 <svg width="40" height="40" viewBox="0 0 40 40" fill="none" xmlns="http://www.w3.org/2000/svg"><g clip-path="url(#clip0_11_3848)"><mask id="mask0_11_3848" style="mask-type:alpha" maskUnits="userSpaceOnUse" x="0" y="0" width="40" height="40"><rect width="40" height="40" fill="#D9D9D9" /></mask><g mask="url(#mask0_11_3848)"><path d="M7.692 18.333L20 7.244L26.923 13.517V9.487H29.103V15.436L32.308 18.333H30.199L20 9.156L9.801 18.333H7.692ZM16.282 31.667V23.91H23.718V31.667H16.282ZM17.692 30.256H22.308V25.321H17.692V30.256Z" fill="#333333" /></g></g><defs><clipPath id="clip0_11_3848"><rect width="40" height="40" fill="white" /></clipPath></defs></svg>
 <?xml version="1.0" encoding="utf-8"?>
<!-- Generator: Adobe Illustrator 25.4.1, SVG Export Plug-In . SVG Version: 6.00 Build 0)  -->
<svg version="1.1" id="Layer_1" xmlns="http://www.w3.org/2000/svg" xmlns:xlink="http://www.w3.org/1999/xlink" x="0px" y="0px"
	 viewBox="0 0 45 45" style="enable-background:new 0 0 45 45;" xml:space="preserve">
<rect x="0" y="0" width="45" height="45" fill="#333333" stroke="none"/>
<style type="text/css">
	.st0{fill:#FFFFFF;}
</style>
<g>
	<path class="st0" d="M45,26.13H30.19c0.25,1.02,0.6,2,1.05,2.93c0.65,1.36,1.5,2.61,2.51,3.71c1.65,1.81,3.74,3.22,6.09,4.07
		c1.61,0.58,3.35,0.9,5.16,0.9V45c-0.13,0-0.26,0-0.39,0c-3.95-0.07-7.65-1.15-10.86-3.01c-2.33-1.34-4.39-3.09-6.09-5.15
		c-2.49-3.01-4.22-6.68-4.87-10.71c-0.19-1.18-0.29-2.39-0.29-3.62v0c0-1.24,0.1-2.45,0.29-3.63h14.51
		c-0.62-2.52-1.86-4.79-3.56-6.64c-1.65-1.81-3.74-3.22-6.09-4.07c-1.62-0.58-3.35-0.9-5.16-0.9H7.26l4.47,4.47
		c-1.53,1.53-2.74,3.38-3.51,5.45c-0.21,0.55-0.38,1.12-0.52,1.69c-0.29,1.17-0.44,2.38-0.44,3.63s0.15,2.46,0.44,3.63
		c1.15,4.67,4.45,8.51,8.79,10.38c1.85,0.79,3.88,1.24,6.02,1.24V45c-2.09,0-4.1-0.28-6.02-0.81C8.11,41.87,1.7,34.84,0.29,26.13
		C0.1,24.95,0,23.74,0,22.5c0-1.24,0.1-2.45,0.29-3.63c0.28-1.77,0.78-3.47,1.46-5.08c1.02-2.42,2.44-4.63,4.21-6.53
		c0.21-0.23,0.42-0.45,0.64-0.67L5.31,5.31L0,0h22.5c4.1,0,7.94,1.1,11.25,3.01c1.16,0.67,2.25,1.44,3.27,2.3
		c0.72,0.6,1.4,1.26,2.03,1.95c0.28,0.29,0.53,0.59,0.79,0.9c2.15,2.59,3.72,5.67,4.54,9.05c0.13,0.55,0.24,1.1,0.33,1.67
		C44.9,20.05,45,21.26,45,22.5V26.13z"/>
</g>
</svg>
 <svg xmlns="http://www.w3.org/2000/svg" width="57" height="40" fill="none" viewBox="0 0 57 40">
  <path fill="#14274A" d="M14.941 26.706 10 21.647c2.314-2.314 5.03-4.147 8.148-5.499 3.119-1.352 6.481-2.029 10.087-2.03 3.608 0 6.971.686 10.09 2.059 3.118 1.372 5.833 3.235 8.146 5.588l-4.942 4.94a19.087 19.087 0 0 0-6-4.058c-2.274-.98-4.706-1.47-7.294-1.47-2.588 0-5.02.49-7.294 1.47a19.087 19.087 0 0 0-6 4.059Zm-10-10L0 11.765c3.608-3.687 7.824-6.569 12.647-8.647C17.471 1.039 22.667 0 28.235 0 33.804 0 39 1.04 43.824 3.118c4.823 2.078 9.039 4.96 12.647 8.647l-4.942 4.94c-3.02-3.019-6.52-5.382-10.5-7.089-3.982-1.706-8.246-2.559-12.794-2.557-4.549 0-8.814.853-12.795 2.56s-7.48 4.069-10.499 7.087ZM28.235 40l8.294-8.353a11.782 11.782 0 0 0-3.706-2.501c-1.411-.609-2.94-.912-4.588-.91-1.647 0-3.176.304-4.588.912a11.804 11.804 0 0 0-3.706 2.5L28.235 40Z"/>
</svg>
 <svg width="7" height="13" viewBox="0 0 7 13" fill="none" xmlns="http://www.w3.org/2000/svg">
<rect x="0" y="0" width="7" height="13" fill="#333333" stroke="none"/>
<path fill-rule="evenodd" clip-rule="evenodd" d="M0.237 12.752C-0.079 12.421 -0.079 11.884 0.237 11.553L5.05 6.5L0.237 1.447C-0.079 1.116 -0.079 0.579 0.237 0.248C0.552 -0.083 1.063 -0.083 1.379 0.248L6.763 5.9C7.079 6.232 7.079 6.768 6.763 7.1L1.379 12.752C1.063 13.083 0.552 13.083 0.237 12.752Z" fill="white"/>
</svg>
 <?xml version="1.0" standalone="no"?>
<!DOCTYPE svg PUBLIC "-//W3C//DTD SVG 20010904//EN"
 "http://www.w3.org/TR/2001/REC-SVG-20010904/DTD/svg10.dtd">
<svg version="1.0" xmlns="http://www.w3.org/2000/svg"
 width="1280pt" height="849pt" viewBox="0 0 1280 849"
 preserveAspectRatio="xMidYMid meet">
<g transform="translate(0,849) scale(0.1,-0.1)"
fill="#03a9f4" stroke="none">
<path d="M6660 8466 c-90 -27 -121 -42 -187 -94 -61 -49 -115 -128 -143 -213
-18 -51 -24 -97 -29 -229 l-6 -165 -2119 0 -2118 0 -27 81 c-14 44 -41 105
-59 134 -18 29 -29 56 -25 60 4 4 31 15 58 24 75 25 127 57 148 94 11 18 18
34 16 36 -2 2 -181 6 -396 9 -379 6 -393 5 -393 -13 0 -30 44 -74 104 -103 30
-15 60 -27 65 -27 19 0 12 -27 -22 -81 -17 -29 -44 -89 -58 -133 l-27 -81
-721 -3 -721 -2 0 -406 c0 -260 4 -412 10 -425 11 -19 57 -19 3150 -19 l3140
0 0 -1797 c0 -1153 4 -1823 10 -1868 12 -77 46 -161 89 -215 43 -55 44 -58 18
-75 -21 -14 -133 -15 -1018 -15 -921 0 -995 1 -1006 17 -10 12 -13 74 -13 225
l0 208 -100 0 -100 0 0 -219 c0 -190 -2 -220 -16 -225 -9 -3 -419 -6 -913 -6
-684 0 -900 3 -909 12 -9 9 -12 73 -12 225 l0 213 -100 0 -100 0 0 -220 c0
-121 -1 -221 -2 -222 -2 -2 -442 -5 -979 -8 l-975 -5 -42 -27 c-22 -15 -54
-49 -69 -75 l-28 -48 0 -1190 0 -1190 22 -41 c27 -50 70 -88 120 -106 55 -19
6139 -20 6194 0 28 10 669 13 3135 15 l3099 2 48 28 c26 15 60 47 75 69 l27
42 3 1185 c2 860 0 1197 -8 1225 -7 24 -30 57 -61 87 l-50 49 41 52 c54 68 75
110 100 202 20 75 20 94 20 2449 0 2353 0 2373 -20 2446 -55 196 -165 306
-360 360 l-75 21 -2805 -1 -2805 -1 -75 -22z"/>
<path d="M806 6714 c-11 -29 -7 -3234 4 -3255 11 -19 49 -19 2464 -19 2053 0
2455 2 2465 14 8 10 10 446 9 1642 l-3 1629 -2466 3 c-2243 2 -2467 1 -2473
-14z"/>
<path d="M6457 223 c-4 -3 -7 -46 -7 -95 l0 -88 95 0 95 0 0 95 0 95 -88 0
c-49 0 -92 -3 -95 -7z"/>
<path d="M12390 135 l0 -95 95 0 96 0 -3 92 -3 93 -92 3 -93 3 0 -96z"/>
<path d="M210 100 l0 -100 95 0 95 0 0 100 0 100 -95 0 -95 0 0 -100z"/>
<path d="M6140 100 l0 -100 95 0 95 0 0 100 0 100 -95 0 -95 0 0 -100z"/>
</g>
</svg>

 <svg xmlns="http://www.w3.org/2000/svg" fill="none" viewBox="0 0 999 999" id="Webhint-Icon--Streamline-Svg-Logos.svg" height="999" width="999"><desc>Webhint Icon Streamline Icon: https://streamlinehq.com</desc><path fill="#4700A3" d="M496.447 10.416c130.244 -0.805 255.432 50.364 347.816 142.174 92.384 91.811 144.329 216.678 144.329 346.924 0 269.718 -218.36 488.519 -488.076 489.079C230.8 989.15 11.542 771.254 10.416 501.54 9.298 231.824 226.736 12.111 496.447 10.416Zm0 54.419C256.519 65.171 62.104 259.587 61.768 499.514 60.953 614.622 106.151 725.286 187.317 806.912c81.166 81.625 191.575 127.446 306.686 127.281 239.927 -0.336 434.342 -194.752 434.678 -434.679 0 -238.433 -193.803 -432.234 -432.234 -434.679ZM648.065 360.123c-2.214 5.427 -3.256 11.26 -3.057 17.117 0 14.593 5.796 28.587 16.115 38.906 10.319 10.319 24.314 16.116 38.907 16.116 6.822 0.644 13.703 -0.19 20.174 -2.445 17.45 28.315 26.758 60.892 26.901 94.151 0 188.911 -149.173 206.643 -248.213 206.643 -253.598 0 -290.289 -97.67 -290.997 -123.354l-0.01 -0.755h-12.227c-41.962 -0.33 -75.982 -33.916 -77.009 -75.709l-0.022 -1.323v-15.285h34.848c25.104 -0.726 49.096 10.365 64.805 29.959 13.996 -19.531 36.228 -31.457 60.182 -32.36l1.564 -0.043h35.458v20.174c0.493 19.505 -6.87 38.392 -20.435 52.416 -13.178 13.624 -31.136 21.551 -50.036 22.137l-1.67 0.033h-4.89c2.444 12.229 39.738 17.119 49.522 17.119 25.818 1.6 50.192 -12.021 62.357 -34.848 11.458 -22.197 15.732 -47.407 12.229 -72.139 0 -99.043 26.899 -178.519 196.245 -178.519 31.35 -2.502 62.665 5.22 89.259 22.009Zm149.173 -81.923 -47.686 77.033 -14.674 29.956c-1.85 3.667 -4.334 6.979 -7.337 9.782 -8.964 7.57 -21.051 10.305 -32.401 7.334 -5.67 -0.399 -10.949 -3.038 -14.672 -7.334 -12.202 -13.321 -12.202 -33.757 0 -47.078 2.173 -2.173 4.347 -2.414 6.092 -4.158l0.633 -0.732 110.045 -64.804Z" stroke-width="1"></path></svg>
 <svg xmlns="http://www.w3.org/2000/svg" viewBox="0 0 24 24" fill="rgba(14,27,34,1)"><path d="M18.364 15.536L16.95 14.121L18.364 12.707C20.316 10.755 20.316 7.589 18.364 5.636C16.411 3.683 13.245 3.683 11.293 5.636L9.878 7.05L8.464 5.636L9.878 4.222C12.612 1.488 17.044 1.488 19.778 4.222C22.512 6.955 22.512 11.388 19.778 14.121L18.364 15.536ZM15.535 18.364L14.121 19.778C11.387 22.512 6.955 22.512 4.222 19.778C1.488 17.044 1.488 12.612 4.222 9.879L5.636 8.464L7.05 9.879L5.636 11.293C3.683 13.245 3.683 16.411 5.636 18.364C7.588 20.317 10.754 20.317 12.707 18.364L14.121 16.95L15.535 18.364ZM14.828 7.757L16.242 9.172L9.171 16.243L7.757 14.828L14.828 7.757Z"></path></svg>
------------------------------------------------------------
_Task statement_:
Looking at the records above, work out how many lines include the word "white", then give that number by itself.

_Solution for this exercise_:
2